== To do ==
Transcribe all of the entries below exactly. Leave out the pictures.

== Available data ==
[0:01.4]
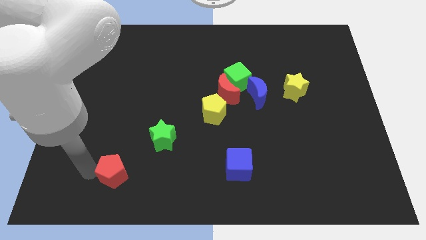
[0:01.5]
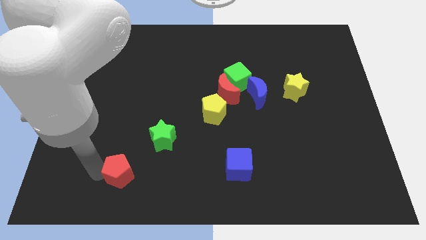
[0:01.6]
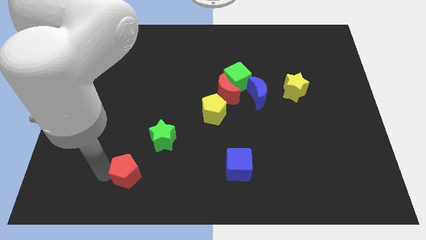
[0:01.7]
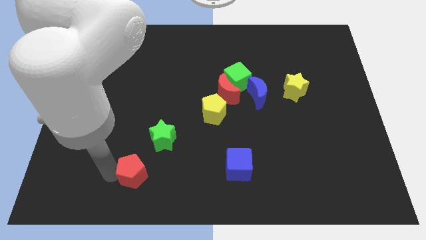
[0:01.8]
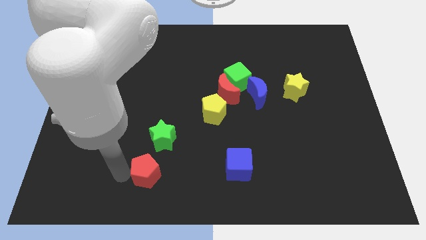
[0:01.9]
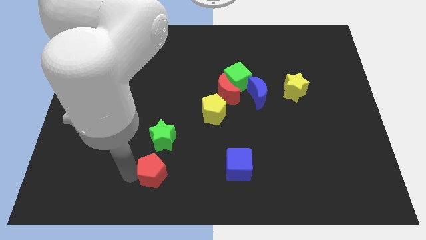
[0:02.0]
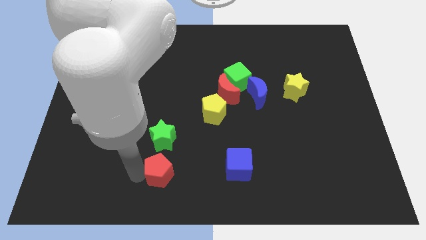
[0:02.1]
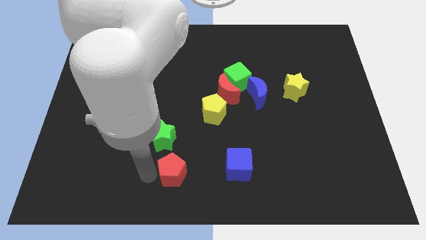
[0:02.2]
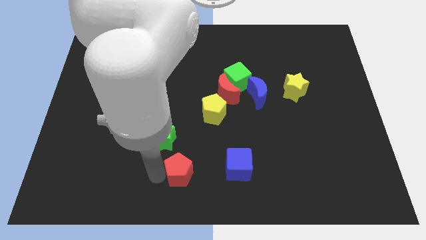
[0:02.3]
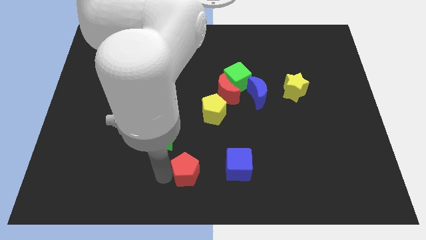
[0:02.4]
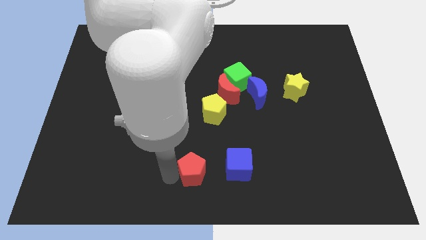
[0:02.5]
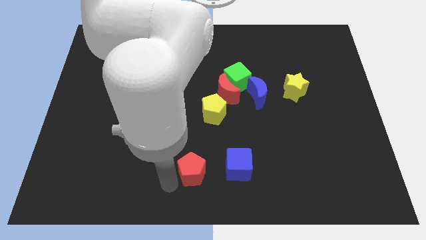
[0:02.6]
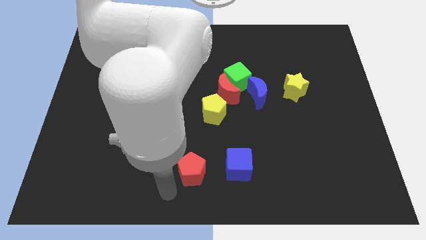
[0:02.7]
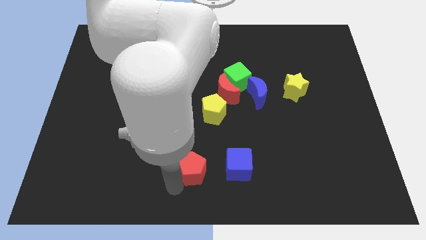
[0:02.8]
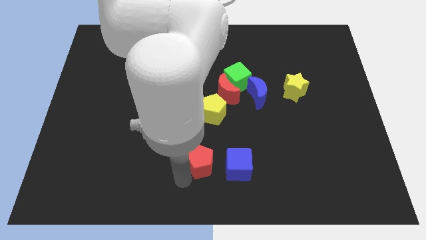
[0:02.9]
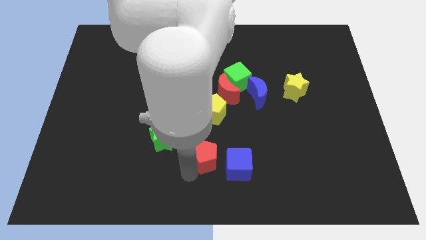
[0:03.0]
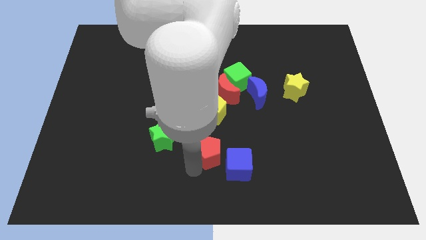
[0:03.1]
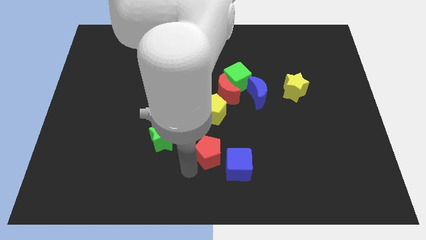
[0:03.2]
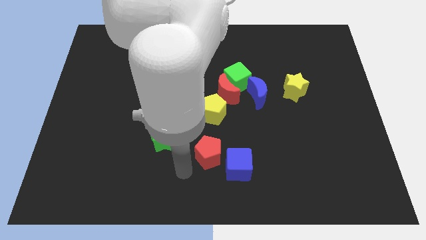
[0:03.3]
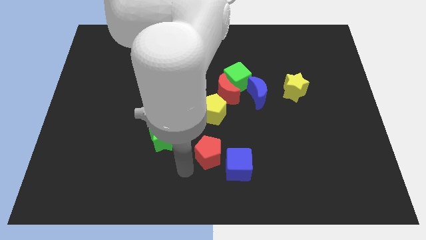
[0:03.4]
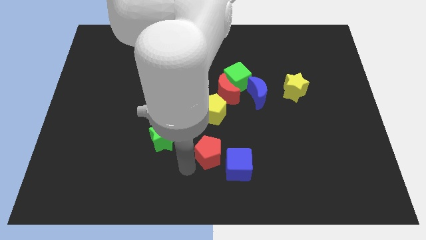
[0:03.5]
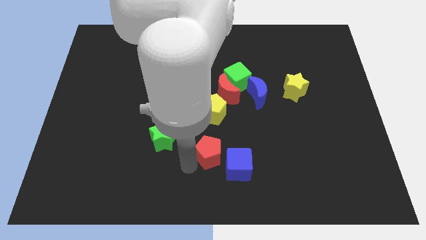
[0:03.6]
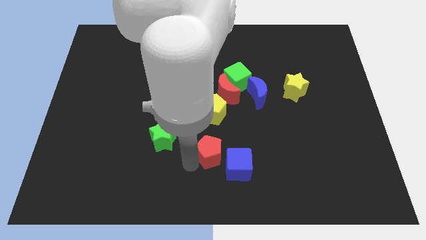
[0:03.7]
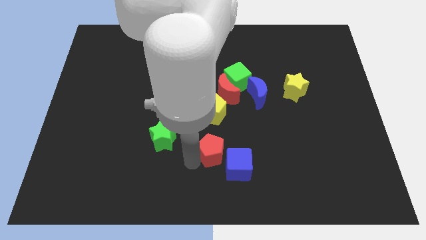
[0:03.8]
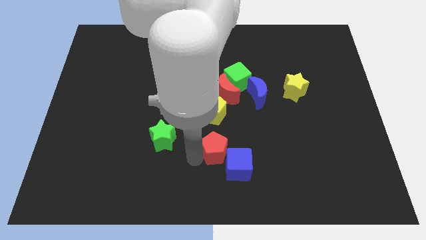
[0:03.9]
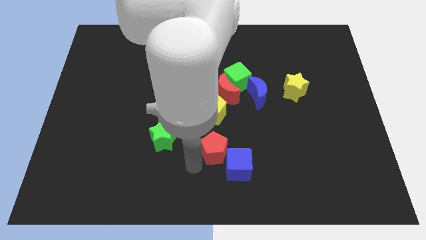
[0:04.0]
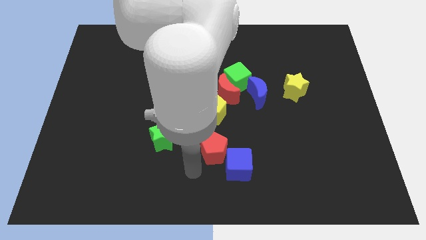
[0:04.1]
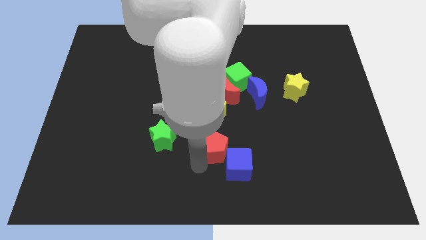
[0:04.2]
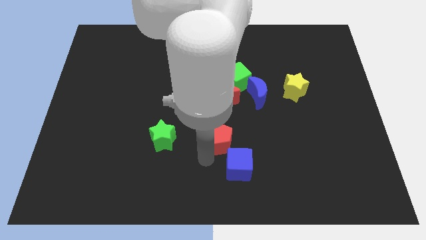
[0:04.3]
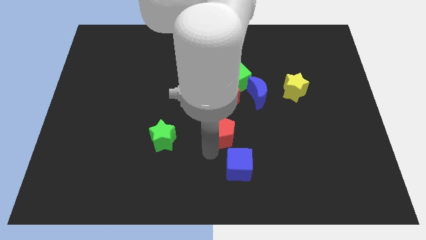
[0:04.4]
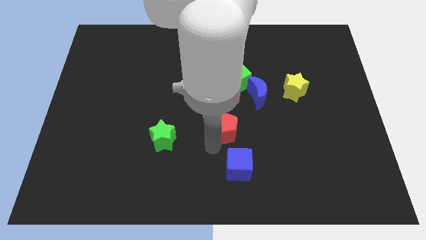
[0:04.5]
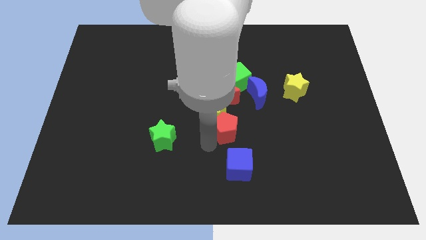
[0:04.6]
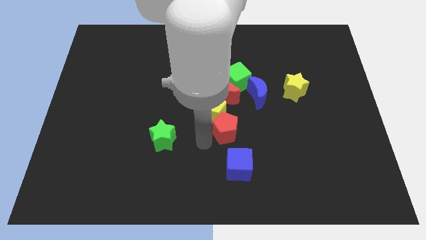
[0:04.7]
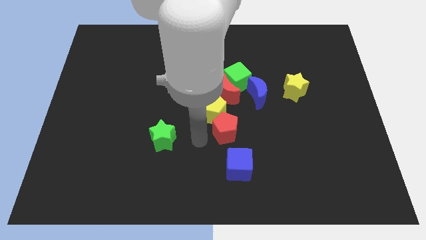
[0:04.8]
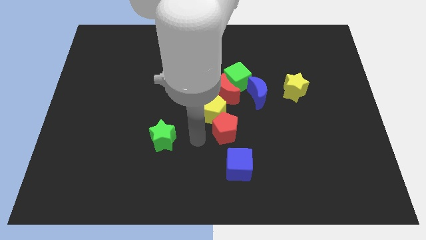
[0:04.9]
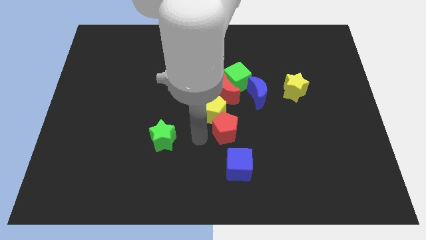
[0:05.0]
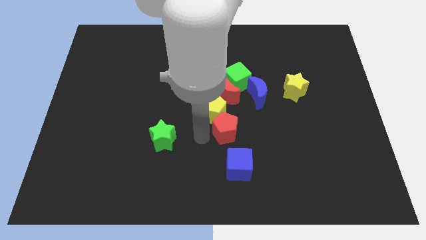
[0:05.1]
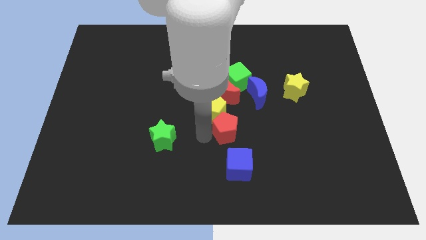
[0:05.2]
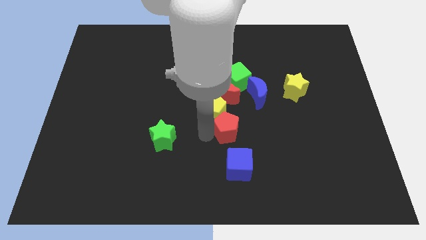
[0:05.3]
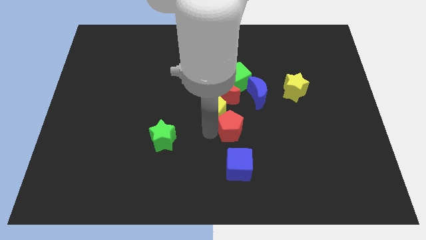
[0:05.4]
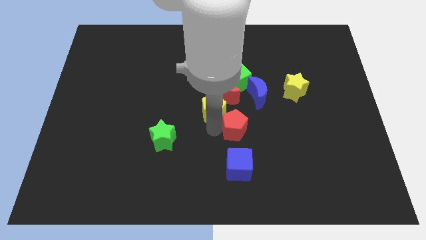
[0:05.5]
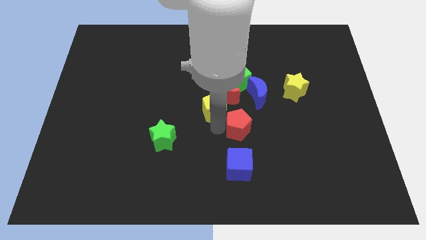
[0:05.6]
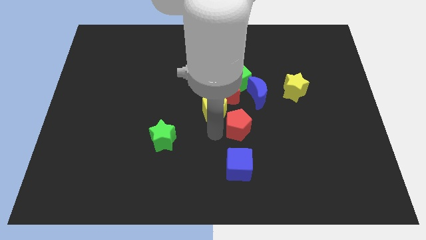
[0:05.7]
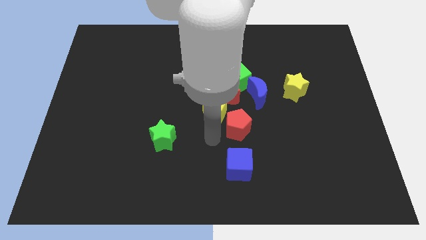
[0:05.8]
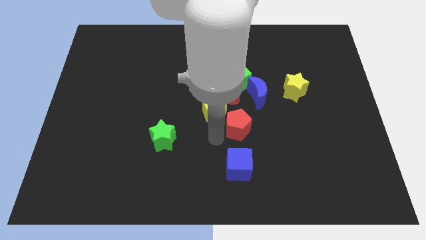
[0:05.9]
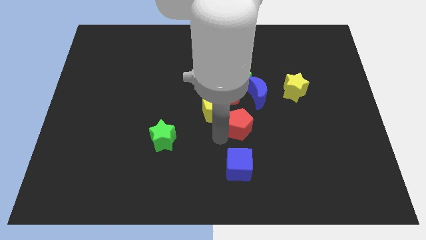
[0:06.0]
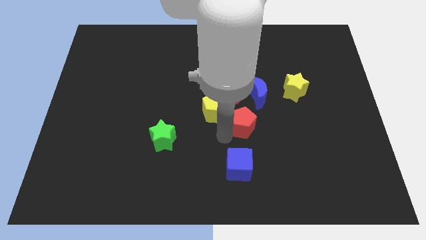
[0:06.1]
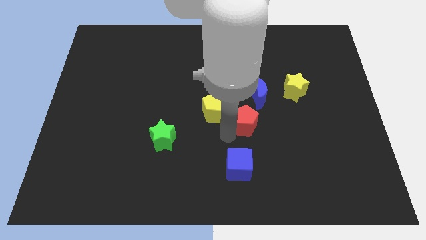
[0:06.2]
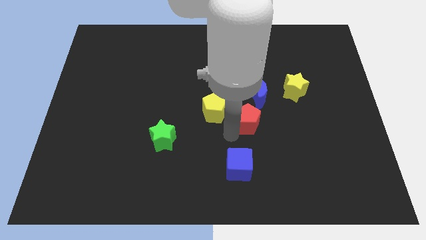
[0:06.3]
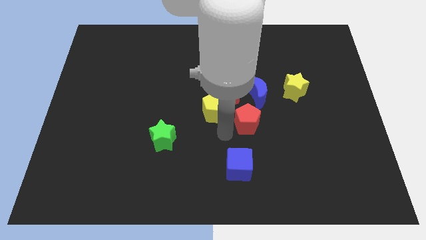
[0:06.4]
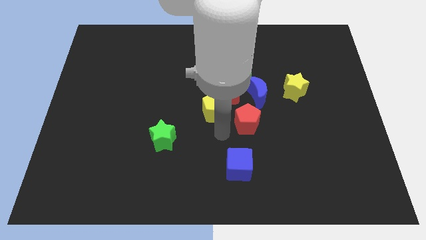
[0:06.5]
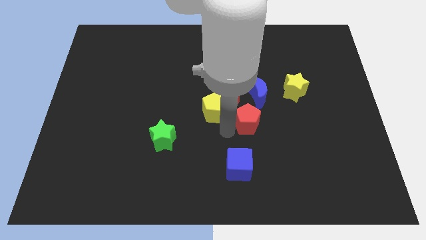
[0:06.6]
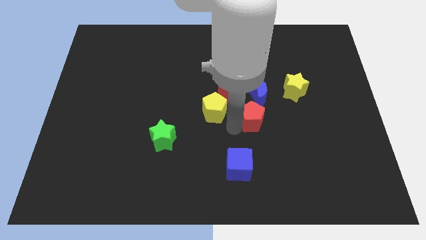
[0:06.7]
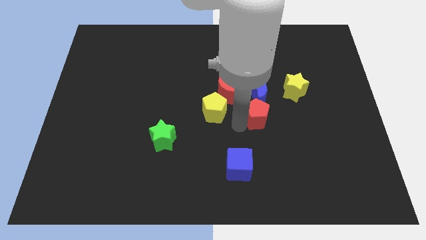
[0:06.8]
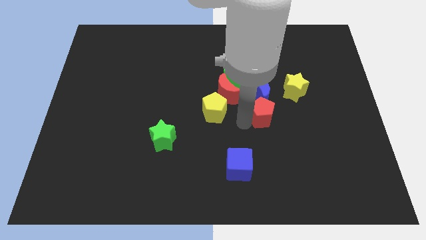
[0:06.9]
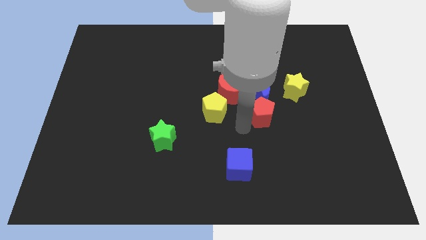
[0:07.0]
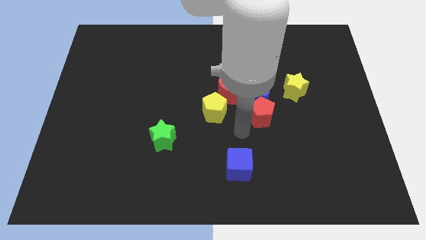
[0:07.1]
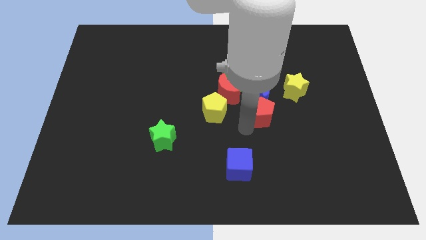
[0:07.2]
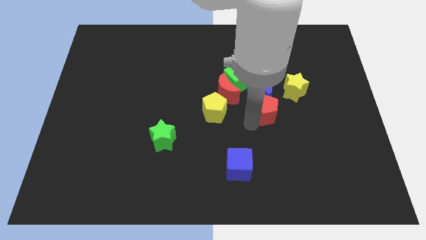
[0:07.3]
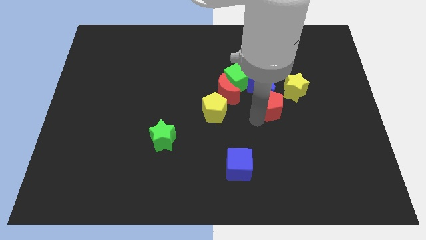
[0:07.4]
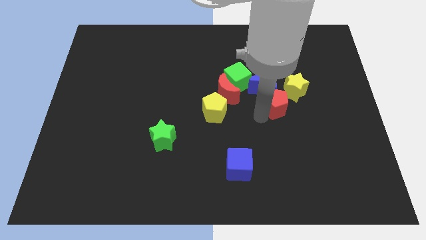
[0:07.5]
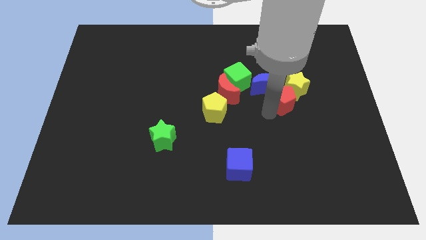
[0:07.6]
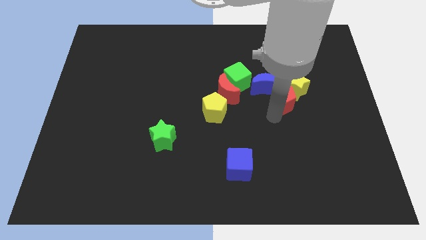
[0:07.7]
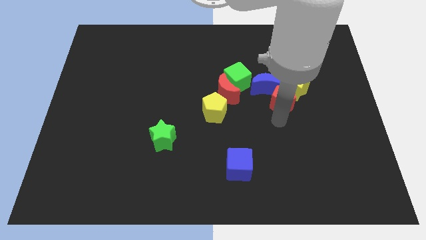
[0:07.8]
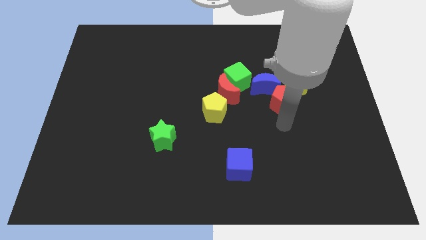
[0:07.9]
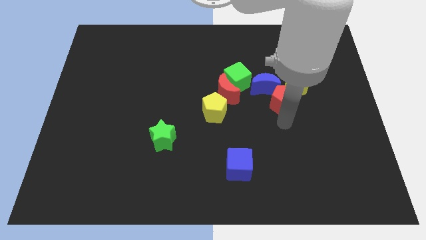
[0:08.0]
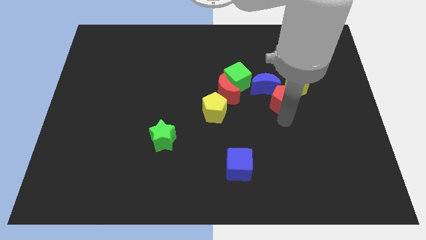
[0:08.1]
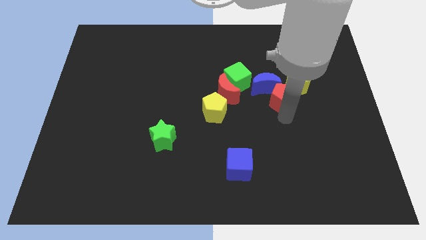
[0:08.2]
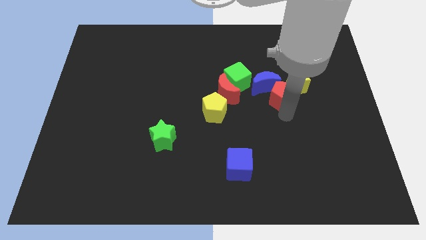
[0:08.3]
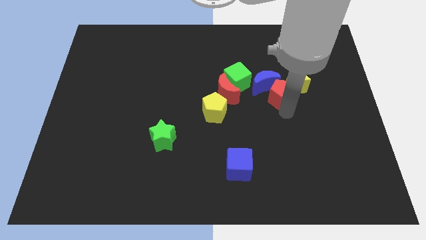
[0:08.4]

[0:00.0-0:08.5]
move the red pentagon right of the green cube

== Expected answer ==
[0:01.4]
[0:01.5]
[0:01.6]
[0:01.7]
[0:01.8]
[0:01.9]
[0:02.0]
[0:02.1]
[0:02.2]
[0:02.3]
[0:02.4]
[0:02.5]
[0:02.6]
[0:02.7]
[0:02.8]
[0:02.9]
[0:03.0]
[0:03.1]
[0:03.2]
[0:03.3]
[0:03.4]
[0:03.5]
[0:03.6]
[0:03.7]
[0:03.8]
[0:03.9]
[0:04.0]
[0:04.1]
[0:04.2]
[0:04.3]
[0:04.4]
[0:04.5]
[0:04.6]
[0:04.7]
[0:04.8]
[0:04.9]
[0:05.0]
[0:05.1]
[0:05.2]
[0:05.3]
[0:05.4]
[0:05.5]
[0:05.6]
[0:05.7]
[0:05.8]
[0:05.9]
[0:06.0]
[0:06.1]
[0:06.2]
[0:06.3]
[0:06.4]
[0:06.5]
[0:06.6]
[0:06.7]
[0:06.8]
[0:06.9]
[0:07.0]
[0:07.1]
[0:07.2]
[0:07.3]
[0:07.4]
[0:07.5]
[0:07.6]
[0:07.7]
[0:07.8]
[0:07.9]
[0:08.0]
[0:08.1]
[0:08.2]
[0:08.3]
[0:08.4]

[0:00.0-0:08.5]
move the red pentagon right of the green cube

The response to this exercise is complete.